Livni told the Cabinet meeting that Israel hammered Gaza for three weeks to persuade Palestinian militants to stop their daily rocket barrages.

"At a certain point, we stopped to see if they had got the very clear message that Israel will not accept fire at its civilians," she said, according to participants who spoke on condition of anonymity because the meeting was closed.

With the resumption of the rocket attacks, she said, "the response must be harsh and immediate."

Barak told the Cabinet that Israel would respond, but called for an end to "running off at the mouth" about the options, "even in an election season," his office said in a statement.

Netanyahu told reporters that Israel must be tough in its response, and then work for "removal of the Hamas regime in Gaza, and removal of the threat of rockets (falling) on the suburbs of Tel Aviv."

Pre-election polls show Netanyahu with a lead over Livni, and Barak trailing far behind.

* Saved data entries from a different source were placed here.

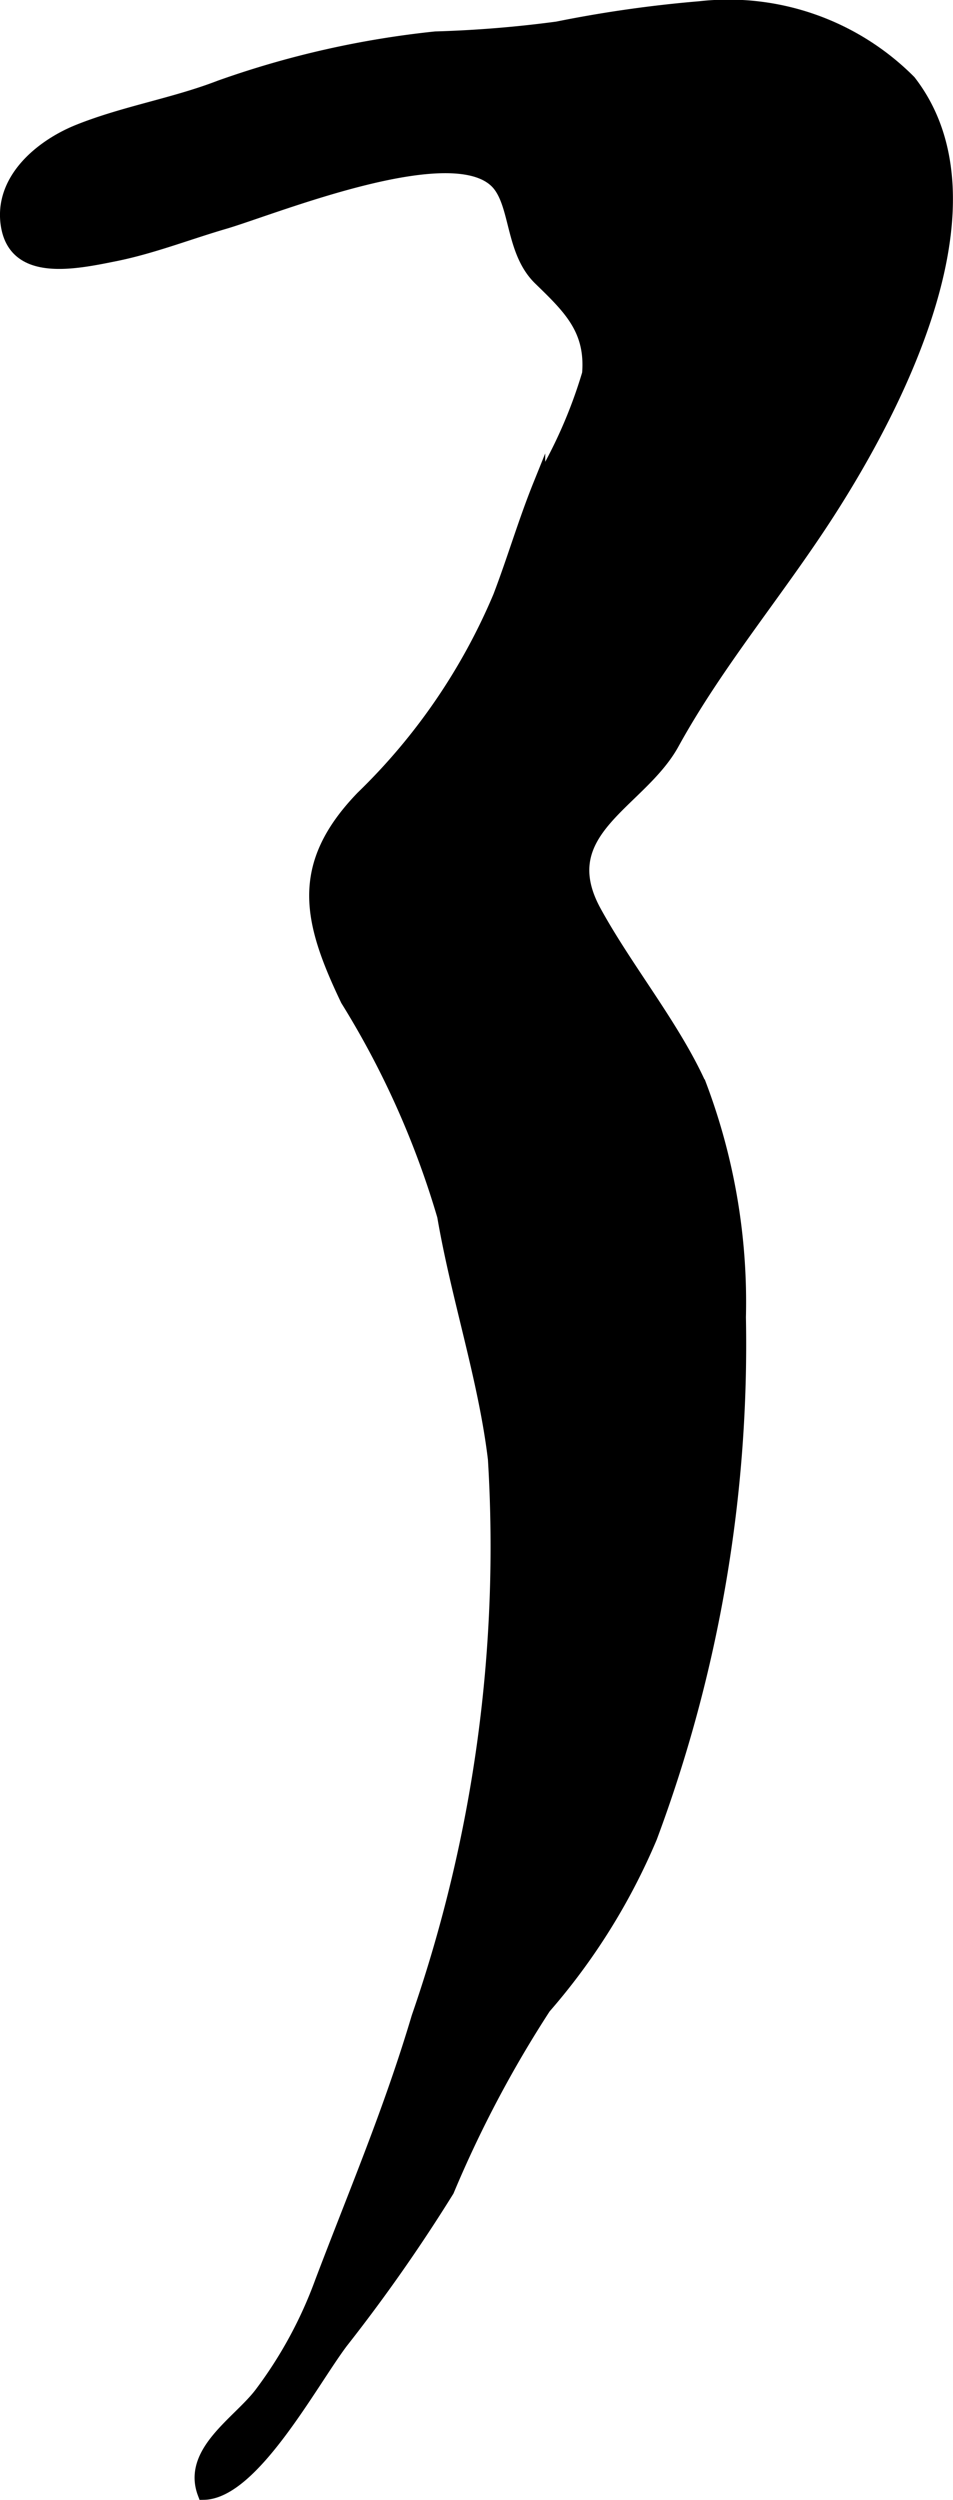<?xml version="1.0" encoding="UTF-8"?>
<svg xmlns="http://www.w3.org/2000/svg"
     version="1.1"
     width="4.141mm"
     height="10.858mm"
     viewBox="0 0 11.737 30.778">
   <defs>
      <style type="text/css"><![CDATA[
      .a {
        stroke: #000;
        stroke-miterlimit: 10;
        stroke-width: 0.15px;
      }
    ]]></style>
   </defs>
   <path class="a"
         d="M6.152,2.292c-.489-.665-2.778.275-3.387.453-.448.131-.885.303-1.344.396-.505.102-1.231.254-1.335-.358-.096-.568.415-.991.88-1.177.567-.227,1.176-.324,1.743-.543A11.451,11.451,0,0,1,5.363.462a14.385,14.385,0,0,0,1.5-.122A15.339,15.339,0,0,1,8.619.09a3.154,3.154,0,0,1,2.587.909c1.155,1.489-.15,3.995-1,5.316-.625.97-1.367,1.842-1.915,2.838-.404.736-1.504,1.074-.96,2.067.39.712.973,1.42,1.297,2.143a7.56,7.56,0,0,1,.484,2.853,17.348,17.348,0,0,1-1.094,6.406,7.81,7.81,0,0,1-1.309,2.095,14.19,14.19,0,0,0-1.191,2.253,20.547,20.547,0,0,1-1.306,1.865c-.377.5-1.097,1.855-1.703,1.865-.197-.516.428-.88.697-1.234a5.303,5.303,0,0,0,.747-1.375c.422-1.112.846-2.103,1.19-3.259a17.702,17.702,0,0,0,.941-6.869c-.119-.993-.452-1.982-.625-2.991A10.803,10.803,0,0,0,4.269,12.312c-.463-.969-.63-1.652.188-2.5a7.48,7.48,0,0,0,1.69-2.469c.176-.461.309-.919.493-1.375a5.915,5.915,0,0,0,.604-1.369c.044-.543-.236-.808-.6-1.162C6.309,3.111,6.359,2.573,6.152,2.292Z"/>
</svg>
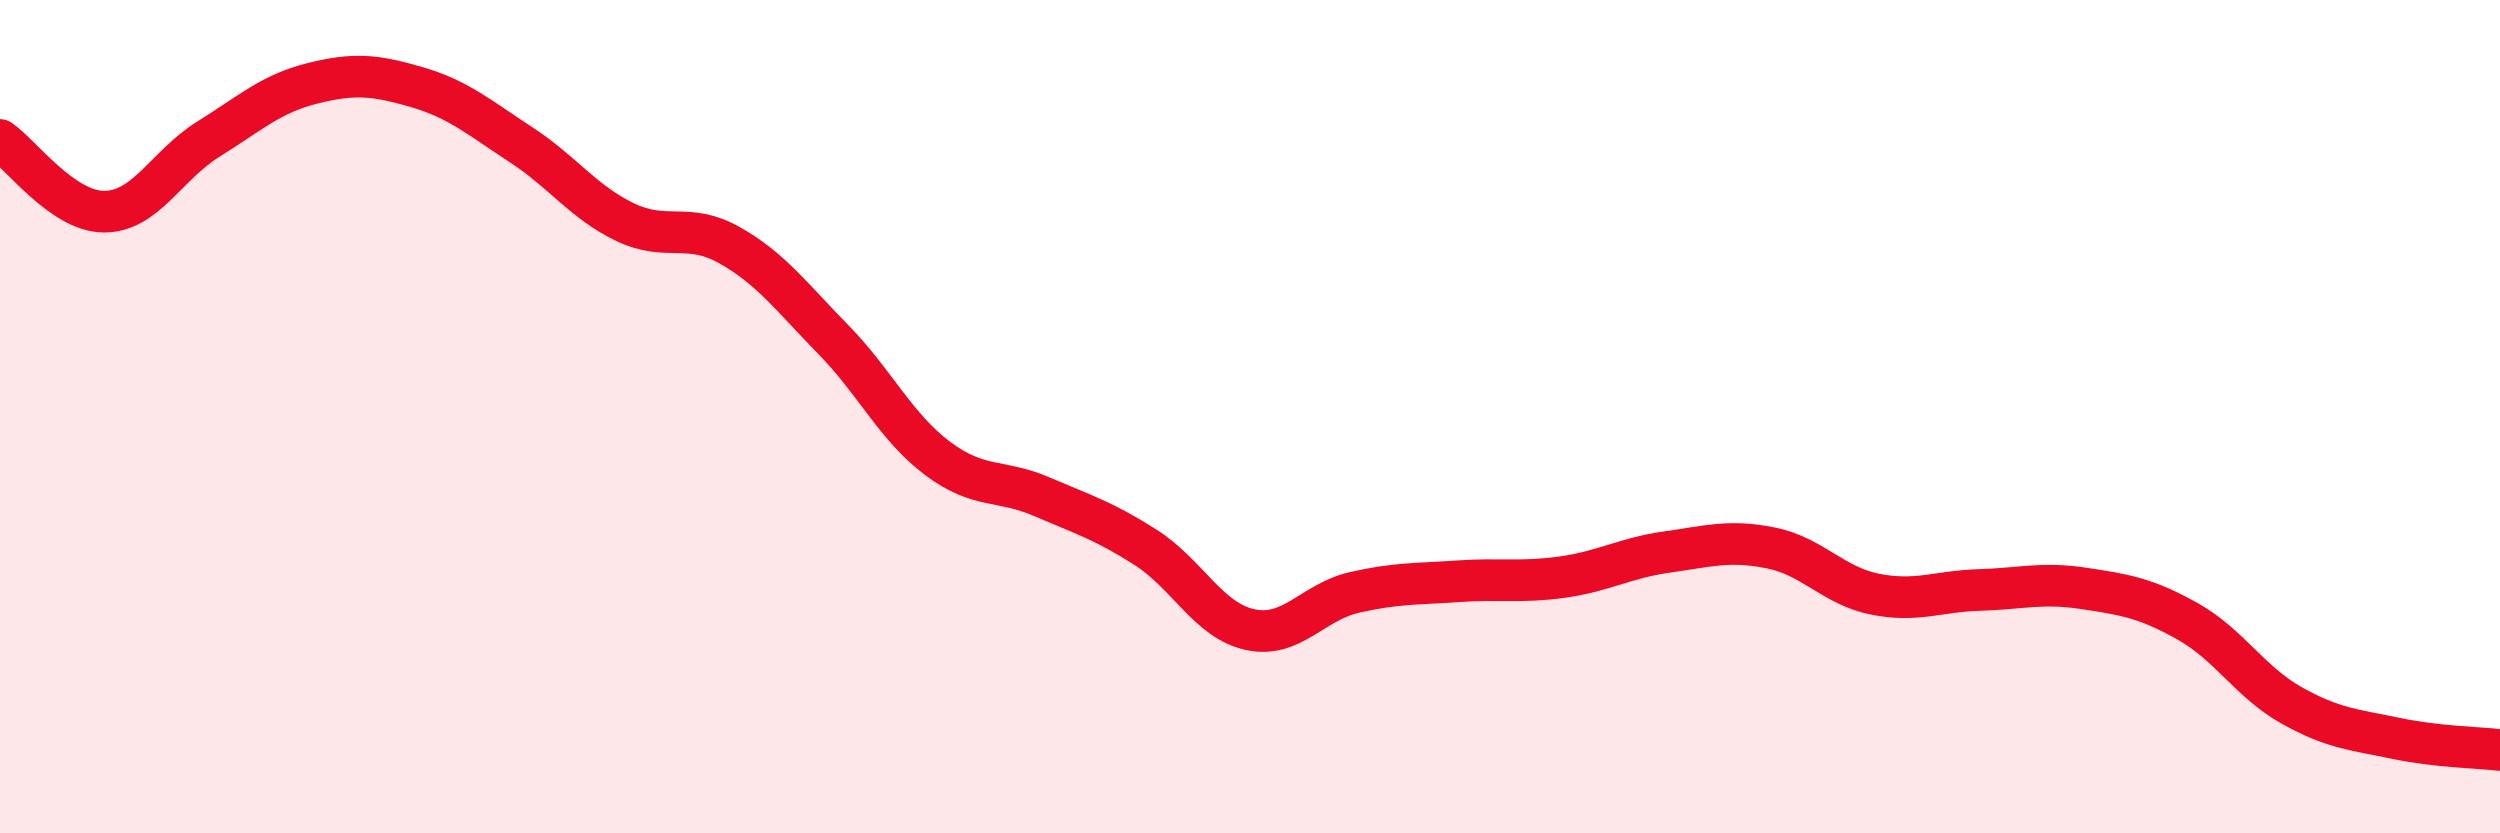 
    <svg width="60" height="20" viewBox="0 0 60 20" xmlns="http://www.w3.org/2000/svg">
      <path
        d="M 0,3.36 C 0.5,3.7 1.5,5.08 2.5,5.08 C 3.5,5.08 4,3.96 5,3.34 C 6,2.72 6.5,2.25 7.5,2 C 8.5,1.75 9,1.8 10,2.09 C 11,2.38 11.5,2.82 12.5,3.47 C 13.5,4.12 14,4.85 15,5.33 C 16,5.81 16.5,5.32 17.5,5.88 C 18.5,6.44 19,7.13 20,8.15 C 21,9.17 21.5,10.25 22.5,11 C 23.5,11.75 24,11.49 25,11.92 C 26,12.35 26.5,12.5 27.5,13.14 C 28.5,13.78 29,14.89 30,15.11 C 31,15.33 31.5,14.45 32.5,14.22 C 33.5,13.99 34,14.02 35,13.95 C 36,13.88 36.5,13.99 37.5,13.85 C 38.5,13.71 39,13.39 40,13.25 C 41,13.11 41.5,12.95 42.5,13.15 C 43.5,13.35 44,14.06 45,14.26 C 46,14.46 46.5,14.19 47.5,14.16 C 48.5,14.13 49,13.97 50,14.12 C 51,14.27 51.5,14.35 52.5,14.91 C 53.5,15.47 54,16.37 55,16.93 C 56,17.49 56.5,17.51 57.5,17.72 C 58.5,17.93 59.5,17.94 60,18L60 20L0 20Z"
        fill="#EB0A25"
        opacity="0.1"
        stroke-linecap="round"
        stroke-linejoin="round"
      />
      <path
        d="M 0,3.36 C 0.5,3.7 1.5,5.08 2.5,5.08 C 3.5,5.08 4,3.96 5,3.34 C 6,2.72 6.5,2.25 7.5,2 C 8.5,1.75 9,1.8 10,2.09 C 11,2.38 11.5,2.82 12.5,3.47 C 13.5,4.12 14,4.85 15,5.33 C 16,5.81 16.5,5.32 17.5,5.88 C 18.5,6.44 19,7.13 20,8.15 C 21,9.17 21.5,10.25 22.5,11 C 23.5,11.75 24,11.49 25,11.92 C 26,12.35 26.5,12.5 27.5,13.14 C 28.5,13.78 29,14.89 30,15.11 C 31,15.33 31.5,14.45 32.5,14.22 C 33.5,13.99 34,14.02 35,13.95 C 36,13.88 36.5,13.99 37.5,13.85 C 38.5,13.71 39,13.39 40,13.25 C 41,13.11 41.5,12.95 42.5,13.15 C 43.5,13.35 44,14.06 45,14.26 C 46,14.46 46.5,14.19 47.5,14.16 C 48.5,14.13 49,13.97 50,14.12 C 51,14.27 51.5,14.35 52.5,14.91 C 53.5,15.47 54,16.37 55,16.93 C 56,17.49 56.5,17.51 57.5,17.72 C 58.5,17.93 59.5,17.94 60,18"
        stroke="#EB0A25"
        stroke-width="1"
        fill="none"
        stroke-linecap="round"
        stroke-linejoin="round"
      />
    </svg>

Both Israel and Hamas have been talking to Egyptian mediators about a long-term truce. Israel wants an end to arms smuggling into Gaza from Egypt. Hamas wants Israel and Egypt to reopen Gaza's borders, which have been virtually sealed since Hamas seized power.

Responding to Israel's concerns, U.S. Army engineers arrived at the Gaza-Egypt frontier on Sunday to set up ground-penetrating radar to detect smuggling tunnels, an Egyptian security official said.

Inside the Rafah terminal — the gateway between Egypt and Gaza — four army trucks loaded with wooden crates and drills could be seen accompanied by four U.S. Army engineers. The Egyptian officials spoke on condition of anonymity because of the subject's sensitivity.

In Cairo, Palestinian President Mahmoud Abbas told reporters he will not hold reconciliation talks with Hamas unless it accepts his authority. The two sides have been divided ever since Hamas seized Gaza from Abbas' Fatah forces, which now rule the West Bank.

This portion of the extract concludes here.